The initial adhesion and proliferation of cells on the nanofiber sheets were measured by using a Cell Counting Kit-8 (CCK-8, Dojindo, Kumamoto, Japan) according to the manufacturer’s instructions. The cell viability was found to be directly proportional to the metabolic reaction products obtained in the CCK-8 assay [9,11]. Concisely, all cells were seeded on the pure PLGA and RGD-PLGA nanofiber sheets at a density of 1 × 104 cells/mL, and each cell-seeded sheet was incubated with CCK-8 solution in the last 2 hours of the culture periods for the initial adhesion (6 hours) or proliferation (1, 3, 5 and 7 days) at 37 °C in the dark. Parallel sets of cells cultured on TCPs were regarded as the positive (+) controls. The absorbance was determined at 450 nm by using an ELISA reader (SpectraMax 340, Molecular Device Co., Sunnyvale, CA, USA).

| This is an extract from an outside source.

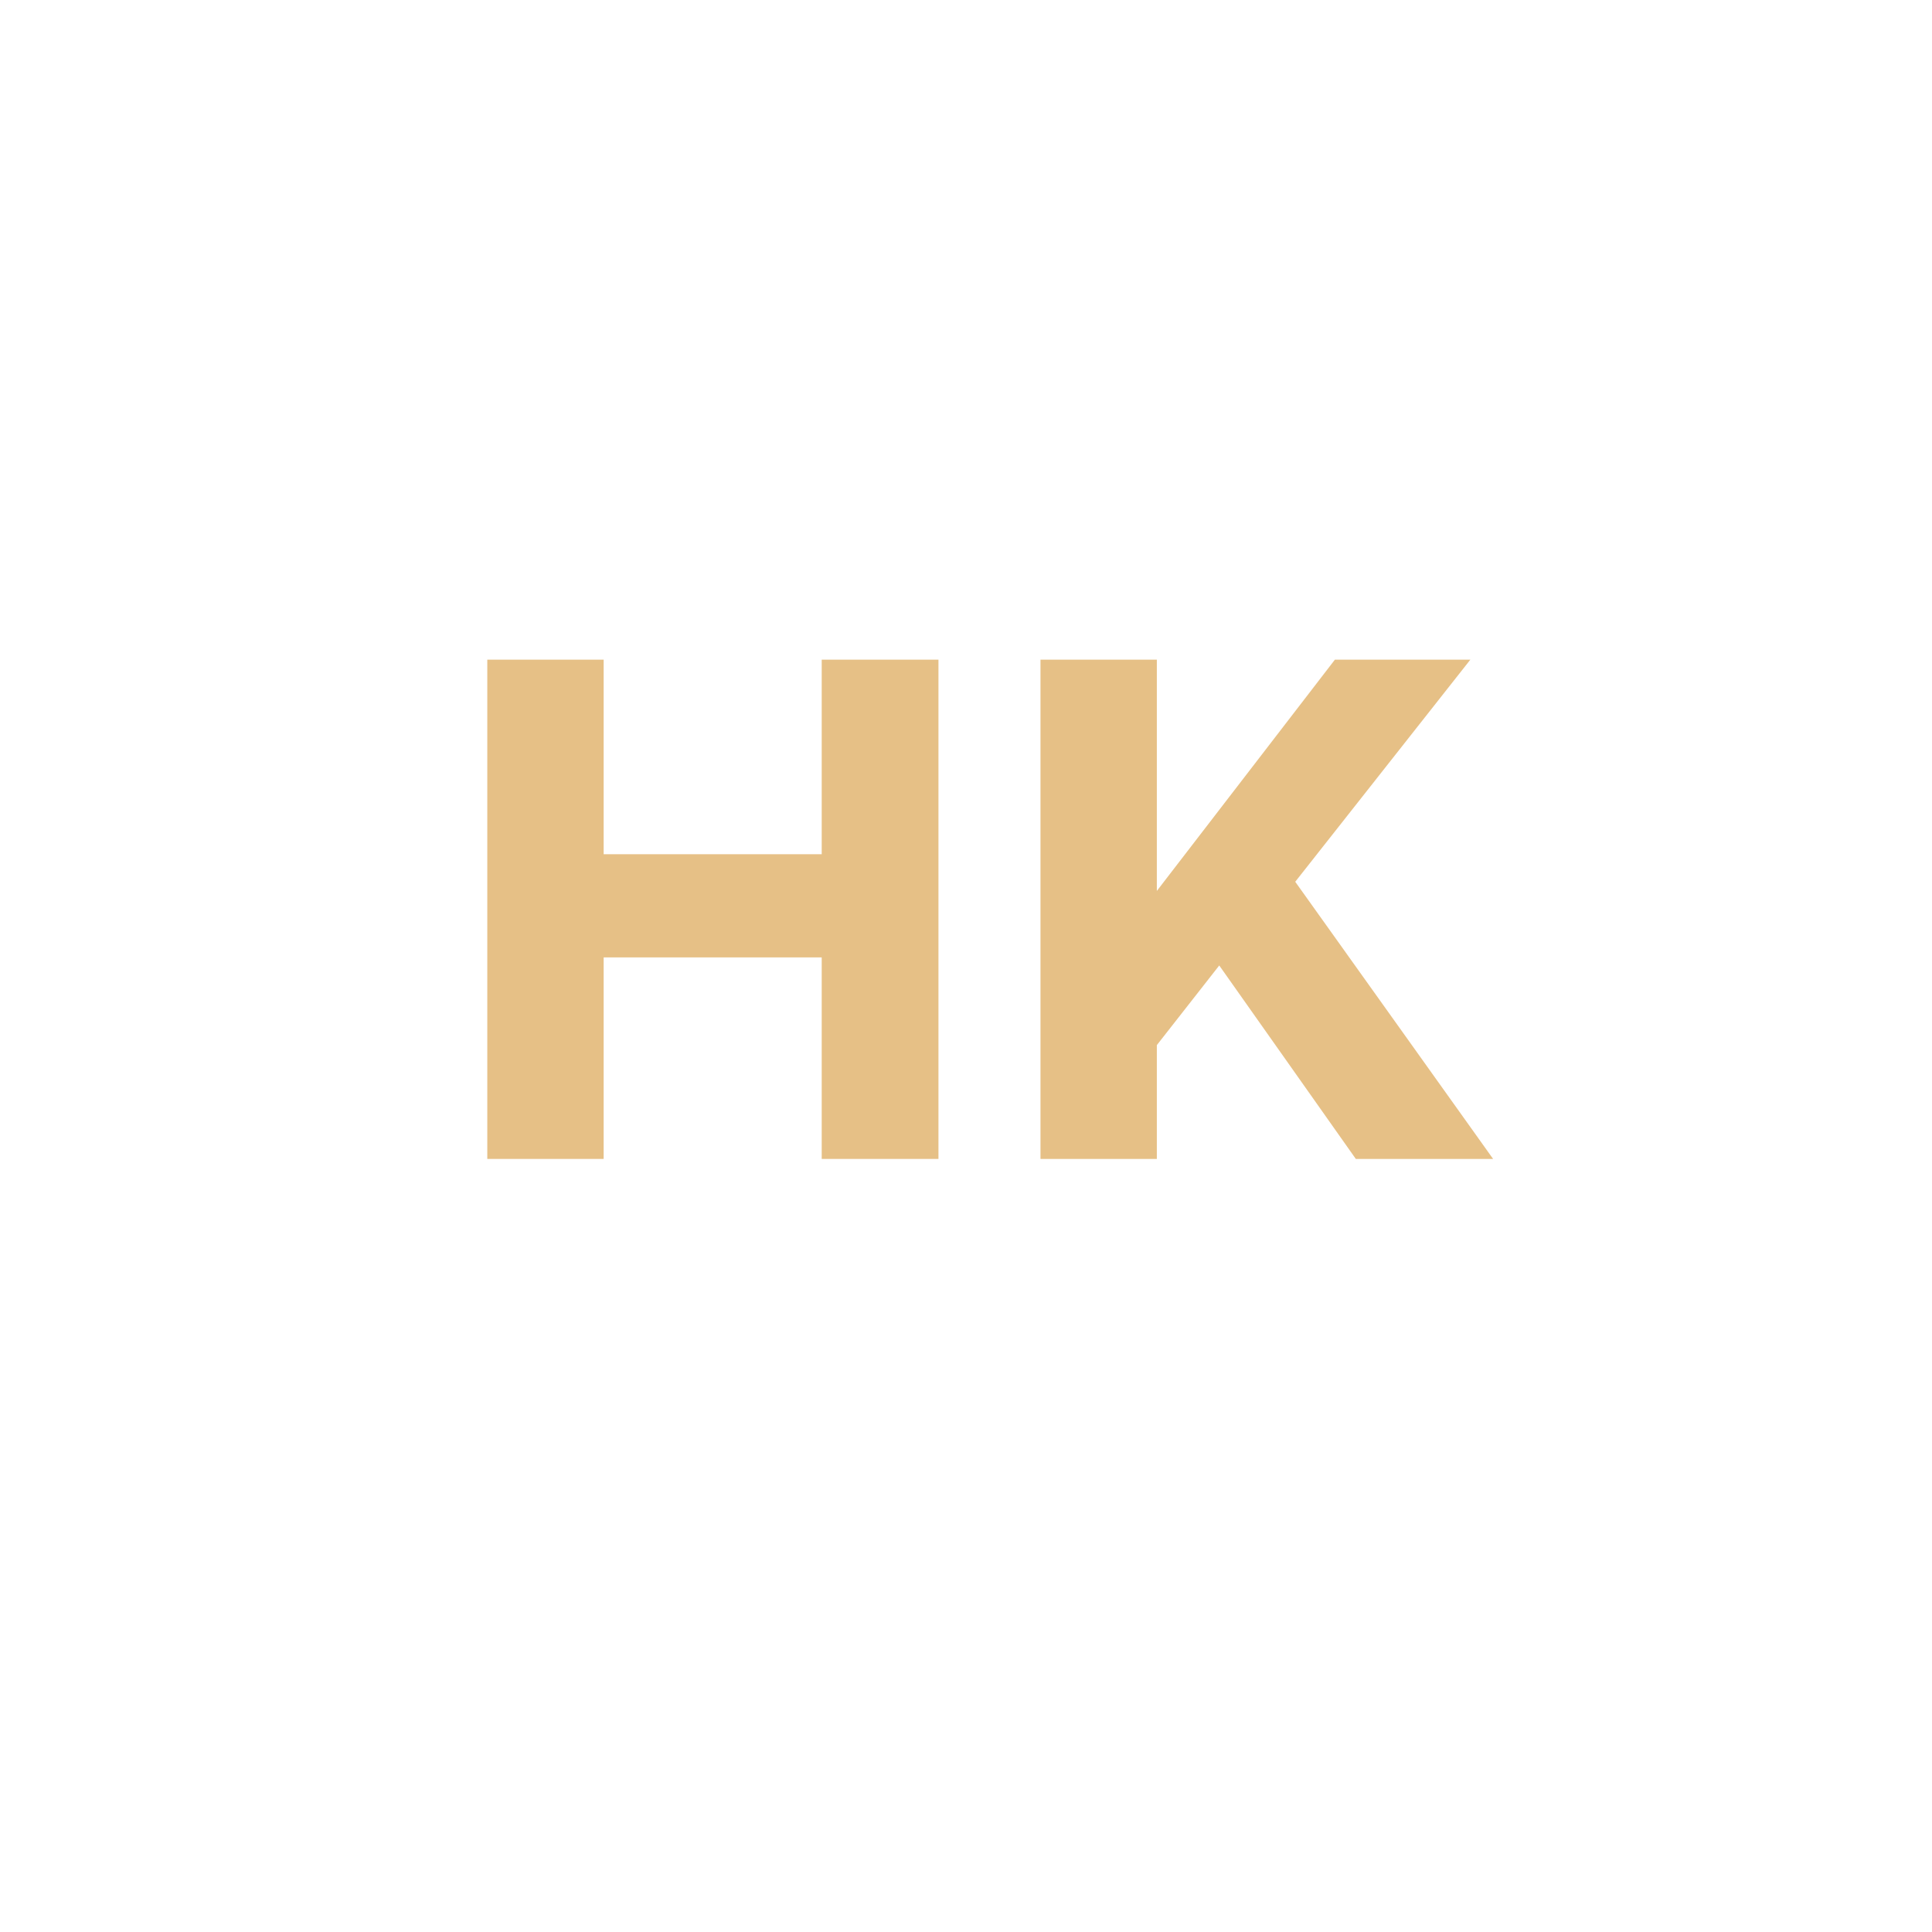 <svg xmlns="http://www.w3.org/2000/svg" xmlns:xlink="http://www.w3.org/1999/xlink" width="500" zoomAndPan="magnify" viewBox="0 0 375 375" height="500" preserveAspectRatio="xMidYMid meet" version="1.0"><defs><g/></defs><g fill="#e6c086" fill-opacity="1"><g transform="translate(84.677, 224.947)"><g><path d="M 32.492 0 L 32.492 -39.117 L 74.816 -39.117 L 74.816 0 L 97.477 0 L 97.477 -96.906 L 74.816 -96.906 L 74.816 -59.141 L 32.492 -59.141 L 32.492 -96.906 L 9.906 -96.906 L 9.906 0 Z M 32.492 0 "/></g></g></g><g fill="#e6c086" fill-opacity="1"><g transform="translate(192.05, 224.947)"><g><path d="M 93.344 -96.906 L 67.051 -96.906 L 32.492 -52.016 L 32.492 -96.906 L 9.906 -96.906 L 9.906 0 L 32.492 0 L 32.492 -22.09 L 44.605 -37.551 L 71.113 0 L 97.762 0 L 59.355 -53.797 Z M 93.344 -96.906 "/></g></g></g></svg>

3.4. Immunofluorescence Imaging of HASMCs on the RGD-PLGA Nanofiber Sheets

To investigate the adherent morphologies of HASMCs, the cells on the pure PLGA and RGD-PLGA nanofiber sheets for 3 days were fixed with 3.7% formaldehyde solution (Sigma-Aldrich Co., St Louis, MO, USA) for 10 minutes, and the cells were immersed in 0.1% Triton X-100 (Sigma-Aldrich Co.) for 5 minutes. Subsequently, the cells were blocked with 2% BSA solution in DPBS for 30 minutes and incubated with tetramethylrhodamine isothiocyanate (TRITC)-labelled phalloidin (200 units/mL in methanol, 1:40 in 1% BSA solution in DPBS, Molecular Probes, Eugene, OR, USA) for 20 minutes at RT. A 1 μM of DAPI (Sigma-Aldrich Co., St Louis, MO, USA) solution in DPBS was used for the nuclei counterstaining. To immunostain the decorated RGD-M13 phages, the HASMC-cultured sheets were stained with the primary and secondary antibodies, as described in Section 3.2. The stained HASMCs on sheets were imaged with a custom-built two-photon excitation fluorescence microscope [38,39].

4. Conclusions

The fabrication of artificial scaffolds for supporting cellular behaviors is one of the most attractive challenges in tissue engineering because of their potential for regenerating injured tissues. In the present study, the RGD-PLGA hybrid nanofiber sheets were fabricated by an electrospinning technique, and their characteristics were analyzed. It was revealed that the RGD-PLGA nanofiber sheets are composed of nanometer-scale diameters of hybrid fibers and have a three-dimensional porous architecture similar to natural ECM. The decoration of RGD peptides on the hybrid nanofiber sheets was successfully achieved by using RGD-M13 phages. In addition, their high surface area-to-volume ratio, hydrophilic surface property and suitable thermal behavior can provide a biocompatible microenvironment for cell growth. Moreover, we demonstrated that the cellular behaviors of four different types of cells on the RGD-PLGA nanofiber sheets were significantly promoted because of the combination of suitable physicochemical properties and the decorated RGD peptides. Therefore, our findings suggest that the RGD-PLGA hybrid nanofiber sheets are obviously effective for various cell types and are remarkably biocompatible and well designed to serve as cell-adhesive substrates. In summary, the RGD-PLGA hybrid nanofiber sheets are promising candidates that can be used as cell-adhesive substrates for tissue engineering scaffolds.